== Work instructions ==
Line count for the string "wide": give the number of lines in the data below that contain it, and nothing more.

== Records to process ==
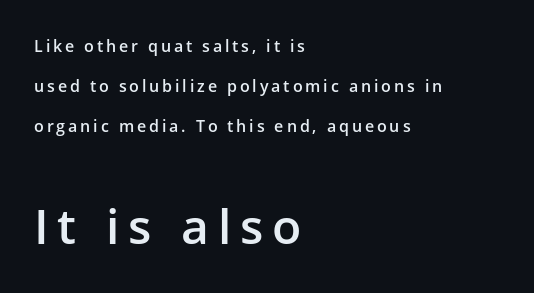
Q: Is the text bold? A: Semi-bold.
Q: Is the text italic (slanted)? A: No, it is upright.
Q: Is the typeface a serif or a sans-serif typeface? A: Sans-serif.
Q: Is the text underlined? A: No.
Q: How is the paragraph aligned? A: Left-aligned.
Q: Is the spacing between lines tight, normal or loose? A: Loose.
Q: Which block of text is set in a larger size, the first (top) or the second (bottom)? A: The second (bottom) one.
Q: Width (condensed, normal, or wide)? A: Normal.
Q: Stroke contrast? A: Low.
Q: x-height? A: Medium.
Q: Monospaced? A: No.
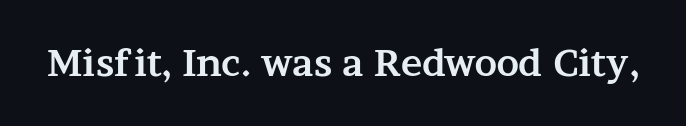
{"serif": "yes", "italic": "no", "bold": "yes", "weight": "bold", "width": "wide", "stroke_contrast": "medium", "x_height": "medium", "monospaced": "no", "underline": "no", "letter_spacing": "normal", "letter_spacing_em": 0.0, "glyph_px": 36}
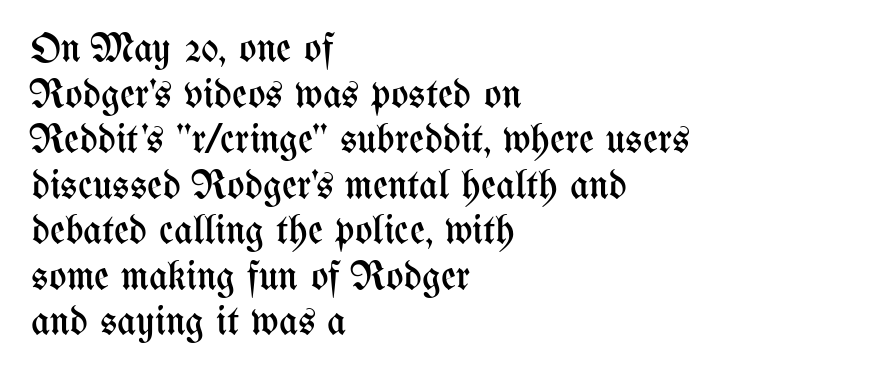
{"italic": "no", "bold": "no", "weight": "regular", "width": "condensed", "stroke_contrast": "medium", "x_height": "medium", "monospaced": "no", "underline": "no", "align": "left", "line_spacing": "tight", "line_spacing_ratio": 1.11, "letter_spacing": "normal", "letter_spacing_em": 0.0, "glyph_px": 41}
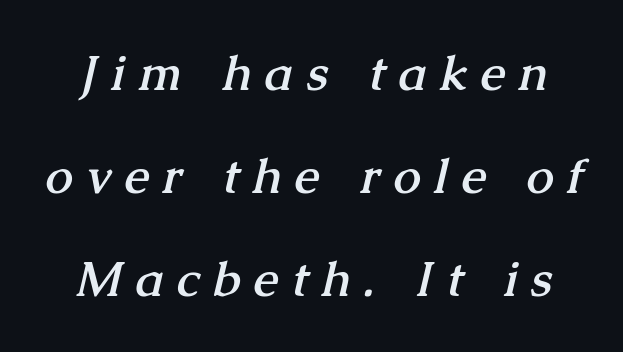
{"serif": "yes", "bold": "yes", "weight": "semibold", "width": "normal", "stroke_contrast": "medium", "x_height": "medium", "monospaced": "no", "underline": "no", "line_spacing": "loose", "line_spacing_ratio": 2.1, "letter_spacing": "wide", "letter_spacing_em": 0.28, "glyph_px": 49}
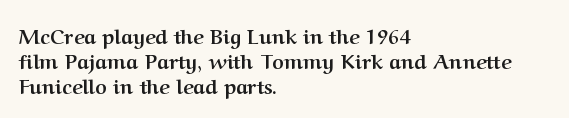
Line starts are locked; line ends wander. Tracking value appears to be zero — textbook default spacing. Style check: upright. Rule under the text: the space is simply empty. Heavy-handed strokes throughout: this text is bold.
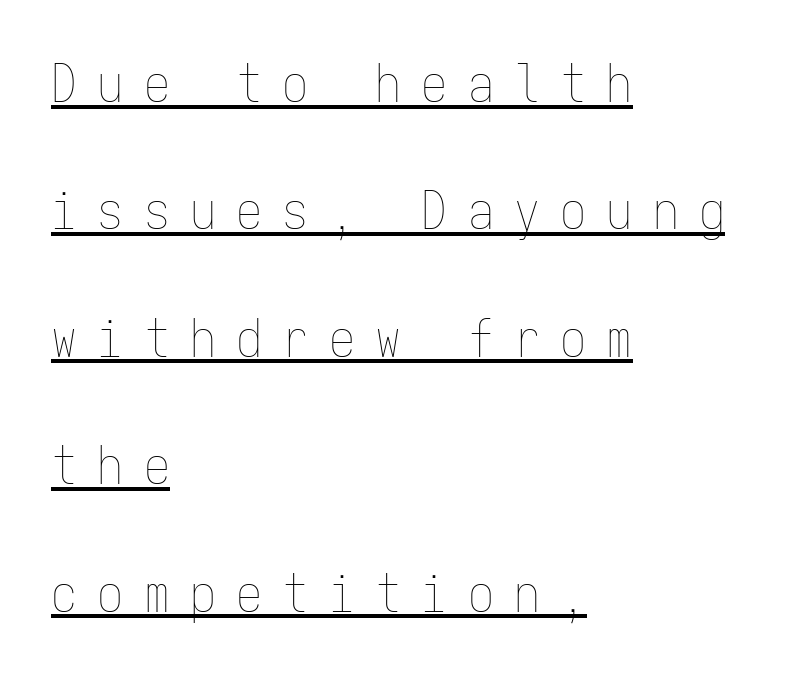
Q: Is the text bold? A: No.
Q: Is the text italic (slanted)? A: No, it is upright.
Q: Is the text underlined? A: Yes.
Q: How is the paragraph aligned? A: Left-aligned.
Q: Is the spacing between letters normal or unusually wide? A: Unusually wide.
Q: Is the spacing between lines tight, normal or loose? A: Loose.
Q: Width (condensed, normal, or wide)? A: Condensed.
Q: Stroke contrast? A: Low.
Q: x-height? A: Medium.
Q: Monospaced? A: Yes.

== Expected answer ==
5